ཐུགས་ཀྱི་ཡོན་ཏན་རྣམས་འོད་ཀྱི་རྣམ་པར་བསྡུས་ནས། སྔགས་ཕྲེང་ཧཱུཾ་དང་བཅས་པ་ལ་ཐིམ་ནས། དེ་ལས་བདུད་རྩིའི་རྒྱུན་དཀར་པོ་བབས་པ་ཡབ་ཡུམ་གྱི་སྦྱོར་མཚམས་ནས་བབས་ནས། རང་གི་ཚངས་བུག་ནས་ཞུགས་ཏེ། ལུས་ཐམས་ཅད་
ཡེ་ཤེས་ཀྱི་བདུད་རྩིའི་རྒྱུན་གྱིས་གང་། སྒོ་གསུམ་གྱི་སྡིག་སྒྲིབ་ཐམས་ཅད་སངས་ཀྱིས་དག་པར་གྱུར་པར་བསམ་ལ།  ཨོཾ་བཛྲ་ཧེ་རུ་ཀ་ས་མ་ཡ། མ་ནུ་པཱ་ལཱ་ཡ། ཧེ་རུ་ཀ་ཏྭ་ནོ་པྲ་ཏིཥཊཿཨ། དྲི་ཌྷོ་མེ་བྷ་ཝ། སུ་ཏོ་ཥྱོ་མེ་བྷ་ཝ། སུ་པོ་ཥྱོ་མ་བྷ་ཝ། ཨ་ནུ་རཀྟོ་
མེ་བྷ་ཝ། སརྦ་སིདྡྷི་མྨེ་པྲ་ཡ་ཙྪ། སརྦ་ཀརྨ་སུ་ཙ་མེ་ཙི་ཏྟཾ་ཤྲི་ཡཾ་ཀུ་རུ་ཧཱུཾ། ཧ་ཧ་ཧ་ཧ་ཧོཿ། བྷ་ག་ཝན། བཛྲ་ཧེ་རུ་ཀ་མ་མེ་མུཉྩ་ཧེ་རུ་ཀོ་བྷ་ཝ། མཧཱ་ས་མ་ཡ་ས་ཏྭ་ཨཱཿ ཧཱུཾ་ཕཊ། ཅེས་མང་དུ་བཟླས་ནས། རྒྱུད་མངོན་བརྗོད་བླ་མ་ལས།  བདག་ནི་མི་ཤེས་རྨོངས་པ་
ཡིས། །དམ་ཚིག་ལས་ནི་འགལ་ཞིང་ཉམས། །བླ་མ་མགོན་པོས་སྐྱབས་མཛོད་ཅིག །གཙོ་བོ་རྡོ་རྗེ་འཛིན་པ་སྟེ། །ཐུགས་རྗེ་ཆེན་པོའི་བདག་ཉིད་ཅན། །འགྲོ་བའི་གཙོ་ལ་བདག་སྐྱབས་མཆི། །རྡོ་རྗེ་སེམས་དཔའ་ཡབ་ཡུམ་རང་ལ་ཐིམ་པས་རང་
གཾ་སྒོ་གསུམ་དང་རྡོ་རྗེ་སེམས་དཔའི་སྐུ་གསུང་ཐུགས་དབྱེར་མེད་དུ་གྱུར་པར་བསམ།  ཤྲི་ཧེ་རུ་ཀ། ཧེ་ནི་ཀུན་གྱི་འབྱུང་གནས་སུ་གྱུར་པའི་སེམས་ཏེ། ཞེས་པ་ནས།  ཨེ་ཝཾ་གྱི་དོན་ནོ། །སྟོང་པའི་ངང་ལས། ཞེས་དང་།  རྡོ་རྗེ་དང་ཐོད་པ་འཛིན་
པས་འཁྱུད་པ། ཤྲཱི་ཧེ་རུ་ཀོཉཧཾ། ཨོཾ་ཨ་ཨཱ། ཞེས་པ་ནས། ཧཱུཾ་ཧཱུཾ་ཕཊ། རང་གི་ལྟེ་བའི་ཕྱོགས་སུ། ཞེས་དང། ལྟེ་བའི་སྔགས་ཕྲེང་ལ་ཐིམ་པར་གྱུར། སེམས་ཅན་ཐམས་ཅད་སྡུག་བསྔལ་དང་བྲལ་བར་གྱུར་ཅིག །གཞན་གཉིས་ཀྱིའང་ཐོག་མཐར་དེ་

TRY IT – Reproduce, line for line, the material, starting at its first line, and end once the line holding "སརྦ་ཀརྨ་སུ་ཙ་མེ་ཙི་ཏྟཾ་ཤྲི་ཡཾ་ཀུ་རུ་ཧཱུཾ། ཧ་ཧ་ཧ་ཧ་ཧོཿ། བྷ་ག་ཝན།" has been output.

WRITTEN ANSWER –
ཐུགས་ཀྱི་ཡོན་ཏན་རྣམས་འོད་ཀྱི་རྣམ་པར་བསྡུས་ནས། སྔགས་ཕྲེང་ཧཱུཾ་དང་བཅས་པ་ལ་ཐིམ་ནས། དེ་ལས་བདུད་རྩིའི་རྒྱུན་དཀར་པོ་བབས་པ་ཡབ་ཡུམ་གྱི་སྦྱོར་མཚམས་ནས་བབས་ནས། རང་གི་ཚངས་བུག་ནས་ཞུགས་ཏེ། ལུས་ཐམས་ཅད་
ཡེ་ཤེས་ཀྱི་བདུད་རྩིའི་རྒྱུན་གྱིས་གང་། སྒོ་གསུམ་གྱི་སྡིག་སྒྲིབ་ཐམས་ཅད་སངས་ཀྱིས་དག་པར་གྱུར་པར་བསམ་ལ།  ཨོཾ་བཛྲ་ཧེ་རུ་ཀ་ས་མ་ཡ། མ་ནུ་པཱ་ལཱ་ཡ། ཧེ་རུ་ཀ་ཏྭ་ནོ་པྲ་ཏིཥཊཿཨ། དྲི་ཌྷོ་མེ་བྷ་ཝ། སུ་ཏོ་ཥྱོ་མེ་བྷ་ཝ། སུ་པོ་ཥྱོ་མ་བྷ་ཝ། ཨ་ནུ་རཀྟོ་
མེ་བྷ་ཝ། སརྦ་སིདྡྷི་མྨེ་པྲ་ཡ་ཙྪ། སརྦ་ཀརྨ་སུ་ཙ་མེ་ཙི་ཏྟཾ་ཤྲི་ཡཾ་ཀུ་རུ་ཧཱུཾ། ཧ་ཧ་ཧ་ཧ་ཧོཿ། བྷ་ག་ཝན། བཛྲ་ཧེ་རུ་ཀ་མ་མེ་མུཉྩ་ཧེ་རུ་ཀོ་བྷ་ཝ། མཧཱ་ས་མ་ཡ་ས་ཏྭ་ཨཱཿ ཧཱུཾ་ཕཊ། ཅེས་མང་དུ་བཟླས་ནས། རྒྱུད་མངོན་བརྗོད་བླ་མ་ལས།  བདག་ནི་མི་ཤེས་རྨོངས་པ་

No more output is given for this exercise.